Examine each line of the data. Copy the line if it includes the word "records".

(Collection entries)
⟨
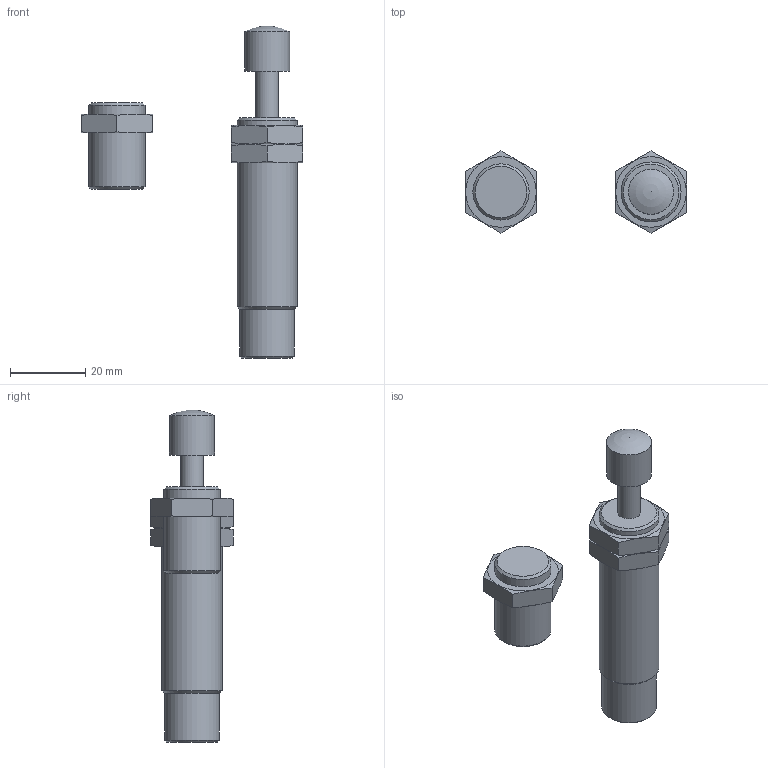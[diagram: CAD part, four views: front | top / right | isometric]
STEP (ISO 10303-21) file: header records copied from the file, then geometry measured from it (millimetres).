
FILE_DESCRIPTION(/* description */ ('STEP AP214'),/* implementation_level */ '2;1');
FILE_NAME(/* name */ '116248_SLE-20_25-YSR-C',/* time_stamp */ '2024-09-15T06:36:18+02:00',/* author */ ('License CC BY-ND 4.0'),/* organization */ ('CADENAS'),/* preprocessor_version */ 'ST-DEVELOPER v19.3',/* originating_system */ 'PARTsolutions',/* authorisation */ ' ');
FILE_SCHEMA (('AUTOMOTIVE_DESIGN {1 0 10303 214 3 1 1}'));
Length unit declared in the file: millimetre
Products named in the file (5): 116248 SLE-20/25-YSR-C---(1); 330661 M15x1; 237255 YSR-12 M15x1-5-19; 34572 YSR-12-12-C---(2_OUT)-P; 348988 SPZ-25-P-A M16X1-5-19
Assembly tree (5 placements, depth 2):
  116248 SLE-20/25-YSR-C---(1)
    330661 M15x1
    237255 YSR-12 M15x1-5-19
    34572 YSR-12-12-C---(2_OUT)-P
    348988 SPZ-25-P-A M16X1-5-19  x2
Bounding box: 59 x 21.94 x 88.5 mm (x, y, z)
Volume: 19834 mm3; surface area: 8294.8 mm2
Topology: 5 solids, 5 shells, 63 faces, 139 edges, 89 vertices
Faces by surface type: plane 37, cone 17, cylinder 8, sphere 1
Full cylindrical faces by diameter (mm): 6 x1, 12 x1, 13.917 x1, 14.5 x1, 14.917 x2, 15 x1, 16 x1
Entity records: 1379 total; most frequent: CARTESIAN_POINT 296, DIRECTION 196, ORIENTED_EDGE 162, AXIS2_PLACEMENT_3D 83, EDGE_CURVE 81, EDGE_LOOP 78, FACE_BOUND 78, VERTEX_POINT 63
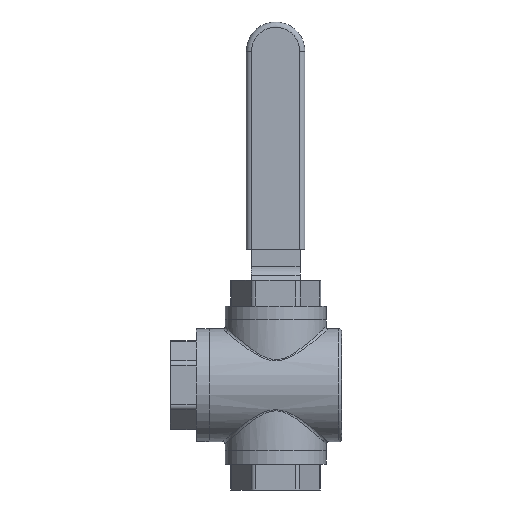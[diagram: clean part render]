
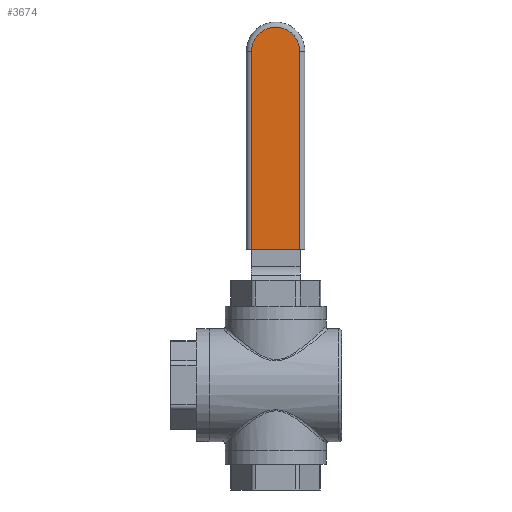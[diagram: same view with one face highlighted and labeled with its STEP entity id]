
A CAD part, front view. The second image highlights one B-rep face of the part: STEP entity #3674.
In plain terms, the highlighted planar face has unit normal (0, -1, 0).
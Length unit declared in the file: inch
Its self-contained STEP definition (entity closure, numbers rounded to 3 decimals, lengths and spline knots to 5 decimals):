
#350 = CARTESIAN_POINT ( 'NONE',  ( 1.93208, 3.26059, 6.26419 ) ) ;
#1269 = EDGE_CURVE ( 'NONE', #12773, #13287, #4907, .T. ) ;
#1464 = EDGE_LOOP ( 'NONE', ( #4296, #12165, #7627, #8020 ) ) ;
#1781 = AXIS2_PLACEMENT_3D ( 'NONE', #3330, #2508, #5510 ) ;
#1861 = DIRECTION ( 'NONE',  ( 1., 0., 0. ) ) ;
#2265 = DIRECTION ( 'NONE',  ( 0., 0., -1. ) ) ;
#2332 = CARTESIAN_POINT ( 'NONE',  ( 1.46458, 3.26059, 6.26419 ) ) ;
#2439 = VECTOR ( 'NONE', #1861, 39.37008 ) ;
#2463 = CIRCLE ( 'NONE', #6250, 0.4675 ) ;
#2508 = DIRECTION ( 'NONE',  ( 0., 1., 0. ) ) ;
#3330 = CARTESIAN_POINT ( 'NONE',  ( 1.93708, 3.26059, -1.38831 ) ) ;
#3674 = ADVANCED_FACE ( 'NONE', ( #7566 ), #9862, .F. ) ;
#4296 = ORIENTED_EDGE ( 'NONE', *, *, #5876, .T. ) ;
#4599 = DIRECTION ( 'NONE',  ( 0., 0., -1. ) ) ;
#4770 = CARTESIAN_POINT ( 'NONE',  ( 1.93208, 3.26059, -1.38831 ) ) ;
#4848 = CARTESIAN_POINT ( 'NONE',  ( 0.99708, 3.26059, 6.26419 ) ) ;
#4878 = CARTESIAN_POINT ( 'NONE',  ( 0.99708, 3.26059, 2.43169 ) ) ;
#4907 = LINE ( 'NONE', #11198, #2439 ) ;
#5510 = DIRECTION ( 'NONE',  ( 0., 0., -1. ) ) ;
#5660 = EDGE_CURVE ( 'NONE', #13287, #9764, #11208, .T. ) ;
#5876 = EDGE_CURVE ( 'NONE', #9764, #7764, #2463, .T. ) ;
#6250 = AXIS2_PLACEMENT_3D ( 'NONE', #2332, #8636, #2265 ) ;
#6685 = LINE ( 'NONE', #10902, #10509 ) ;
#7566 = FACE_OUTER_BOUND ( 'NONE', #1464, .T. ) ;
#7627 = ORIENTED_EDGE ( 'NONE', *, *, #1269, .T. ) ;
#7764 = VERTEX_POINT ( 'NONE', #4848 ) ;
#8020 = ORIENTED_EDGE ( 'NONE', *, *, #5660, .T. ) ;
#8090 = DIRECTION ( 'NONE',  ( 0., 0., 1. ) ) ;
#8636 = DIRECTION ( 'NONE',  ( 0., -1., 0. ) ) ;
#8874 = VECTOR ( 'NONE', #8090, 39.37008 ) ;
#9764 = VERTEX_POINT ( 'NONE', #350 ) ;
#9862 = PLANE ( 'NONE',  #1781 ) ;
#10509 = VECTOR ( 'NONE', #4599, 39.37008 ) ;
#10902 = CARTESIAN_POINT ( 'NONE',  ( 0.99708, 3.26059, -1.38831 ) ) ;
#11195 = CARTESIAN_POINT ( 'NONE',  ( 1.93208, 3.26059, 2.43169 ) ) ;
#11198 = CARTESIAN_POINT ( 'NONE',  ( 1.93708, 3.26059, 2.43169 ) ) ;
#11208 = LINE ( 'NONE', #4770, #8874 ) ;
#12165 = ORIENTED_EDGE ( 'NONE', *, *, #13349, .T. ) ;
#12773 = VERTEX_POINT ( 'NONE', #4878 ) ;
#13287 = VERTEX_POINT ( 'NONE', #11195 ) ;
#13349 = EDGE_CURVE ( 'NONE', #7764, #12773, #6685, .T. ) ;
⟩
Output below:
STEP (ISO 10303-21) file: header records copied from the file, then geometry measured from it (millimetres).
Entity records: 1379 total; most frequent: CARTESIAN_POINT 296, DIRECTION 196, ORIENTED_EDGE 162, AXIS2_PLACEMENT_3D 83, EDGE_CURVE 81, EDGE_LOOP 78, FACE_BOUND 78, VERTEX_POINT 63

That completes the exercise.